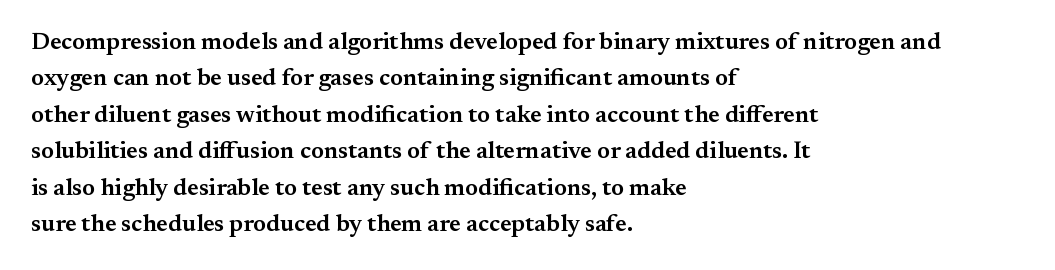
Q: Is the text bold? A: Semi-bold.
Q: Is the text italic (slanted)? A: No, it is upright.
Q: Is the text underlined? A: No.
Q: How is the paragraph aligned? A: Left-aligned.
Q: Is the spacing between letters normal or unusually wide? A: Normal.
Q: Is the spacing between lines tight, normal or loose? A: Normal.
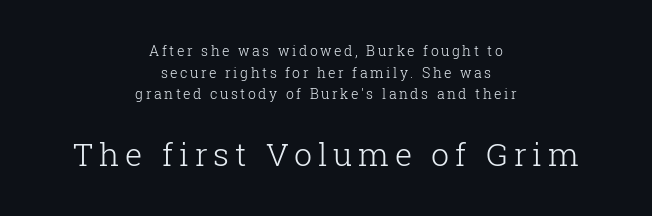
A typesetter would call this leading conventional body-copy spacing. No italicization has been applied; the sample stays upright. Is this a fixed-width face? No — the glyphs have proportional, varying widths. The characters display serif detailing at their extremities. Has an underline been added? It has not.
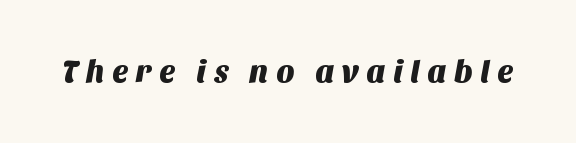
Q: Is the typeface a serif or a sans-serif typeface? A: Sans-serif.
Q: Is the text underlined? A: No.
Q: Is the spacing between letters normal or unusually wide? A: Unusually wide.
Q: Width (condensed, normal, or wide)? A: Normal.
Q: Stroke contrast? A: Medium.
Q: x-height? A: Large.
Q: Monospaced? A: No.
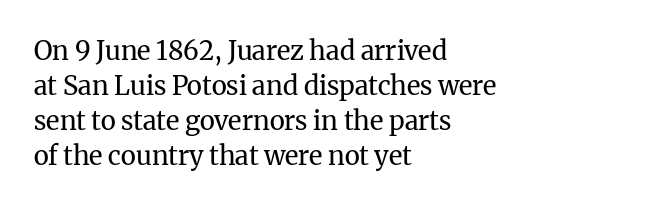
{"italic": "no", "bold": "no", "underline": "no", "align": "left", "line_spacing": "normal", "line_spacing_ratio": 1.34, "letter_spacing": "normal", "letter_spacing_em": 0.0, "glyph_px": 26}
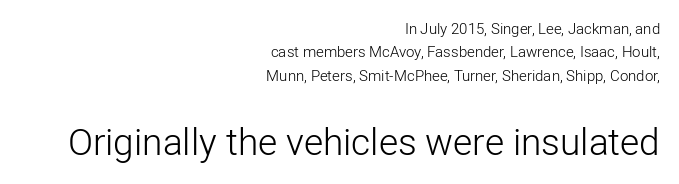
{"serif": "no", "italic": "no", "bold": "no", "weight": "light", "width": "normal", "stroke_contrast": "low", "x_height": "medium", "monospaced": "no", "underline": "no", "align": "right", "line_spacing": "normal", "line_spacing_ratio": 1.56, "letter_spacing": "normal", "letter_spacing_em": 0.0, "larger_block": "second", "size_ratio": 2.47, "glyph_px": 37}
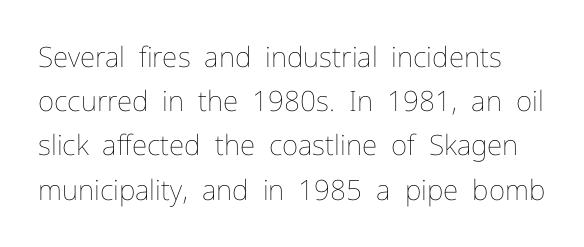
{"italic": "no", "bold": "no", "weight": "thin", "width": "normal", "stroke_contrast": "low", "x_height": "medium", "monospaced": "no", "underline": "no", "line_spacing": "normal", "line_spacing_ratio": 1.58, "letter_spacing": "normal", "letter_spacing_em": 0.0, "glyph_px": 28}
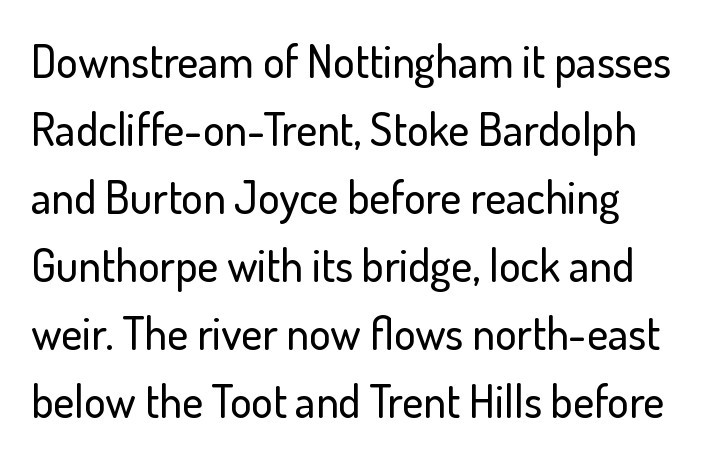
The image shows 45 px sans-serif type, upright; set left-aligned, normal line spacing (1.51x), normal letter spacing, not underlined; low stroke contrast and a small x-height.
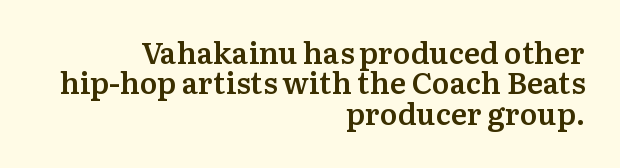
Q: Is the text bold? A: Semi-bold.
Q: Is the text italic (slanted)? A: No, it is upright.
Q: Is the typeface a serif or a sans-serif typeface? A: Serif.
Q: Is the text underlined? A: No.
Q: How is the paragraph aligned? A: Right-aligned.
Q: Is the spacing between letters normal or unusually wide? A: Normal.
Q: Is the spacing between lines tight, normal or loose? A: Tight.
Q: Width (condensed, normal, or wide)? A: Normal.
Q: Stroke contrast? A: Medium.
Q: x-height? A: Medium.
Q: Monospaced? A: No.
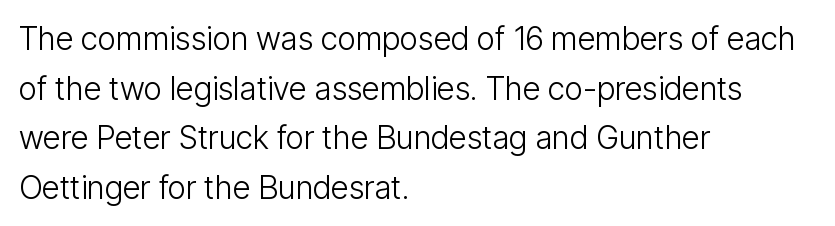
Reading down the block, your eye returns to a fixed left position each line. This is the regular roman posture of the typeface. This rendering leaves character spacing at its baseline value. Nothing sits at the stroke ends, so this counts as sans-serif.

→ **Task directions**
Wherever a picture appears, omit it; copy the rest of the data exactly.

→ **Output of the exercise**
Q: Is the text bold? A: Semi-bold.
Q: Is the text italic (slanted)? A: No, it is upright.
Q: Is the text underlined? A: No.
Q: How is the paragraph aligned? A: Left-aligned.
Q: Is the spacing between letters normal or unusually wide? A: Normal.
Q: Is the spacing between lines tight, normal or loose? A: Normal.
A typesetter would call this leading conventional body-copy spacing. No italicization has been applied; the sample stays upright. Is this a fixed-width face? No — the glyphs have proportional, varying widths. The characters display serif detailing at their extremities. Has an underline been added? It has not.
Q: Is the typeface a serif or a sans-serif typeface? A: Sans-serif.
Q: Is the text underlined? A: No.
Q: Is the spacing between letters normal or unusually wide? A: Unusually wide.
Q: Width (condensed, normal, or wide)? A: Normal.
Q: Stroke contrast? A: Medium.
Q: x-height? A: Large.
Q: Monospaced? A: No.
{"italic": "no", "bold": "no", "underline": "no", "align": "left", "line_spacing": "normal", "line_spacing_ratio": 1.34, "letter_spacing": "normal", "letter_spacing_em": 0.0, "glyph_px": 26}
{"serif": "no", "italic": "no", "bold": "no", "weight": "light", "width": "normal", "stroke_contrast": "low", "x_height": "medium", "monospaced": "no", "underline": "no", "align": "right", "line_spacing": "normal", "line_spacing_ratio": 1.56, "letter_spacing": "normal", "letter_spacing_em": 0.0, "larger_block": "second", "size_ratio": 2.47, "glyph_px": 37}
{"italic": "no", "bold": "no", "weight": "thin", "width": "normal", "stroke_contrast": "low", "x_height": "medium", "monospaced": "no", "underline": "no", "line_spacing": "normal", "line_spacing_ratio": 1.58, "letter_spacing": "normal", "letter_spacing_em": 0.0, "glyph_px": 28}
The image shows 45 px sans-serif type, upright; set left-aligned, normal line spacing (1.51x), normal letter spacing, not underlined; low stroke contrast and a small x-height.
Q: Is the text bold? A: Semi-bold.
Q: Is the text italic (slanted)? A: No, it is upright.
Q: Is the typeface a serif or a sans-serif typeface? A: Serif.
Q: Is the text underlined? A: No.
Q: How is the paragraph aligned? A: Right-aligned.
Q: Is the spacing between letters normal or unusually wide? A: Normal.
Q: Is the spacing between lines tight, normal or loose? A: Tight.
Q: Width (condensed, normal, or wide)? A: Normal.
Q: Stroke contrast? A: Medium.
Q: x-height? A: Medium.
Q: Monospaced? A: No.
Reading down the block, your eye returns to a fixed left position each line. This is the regular roman posture of the typeface. This rendering leaves character spacing at its baseline value. Nothing sits at the stroke ends, so this counts as sans-serif.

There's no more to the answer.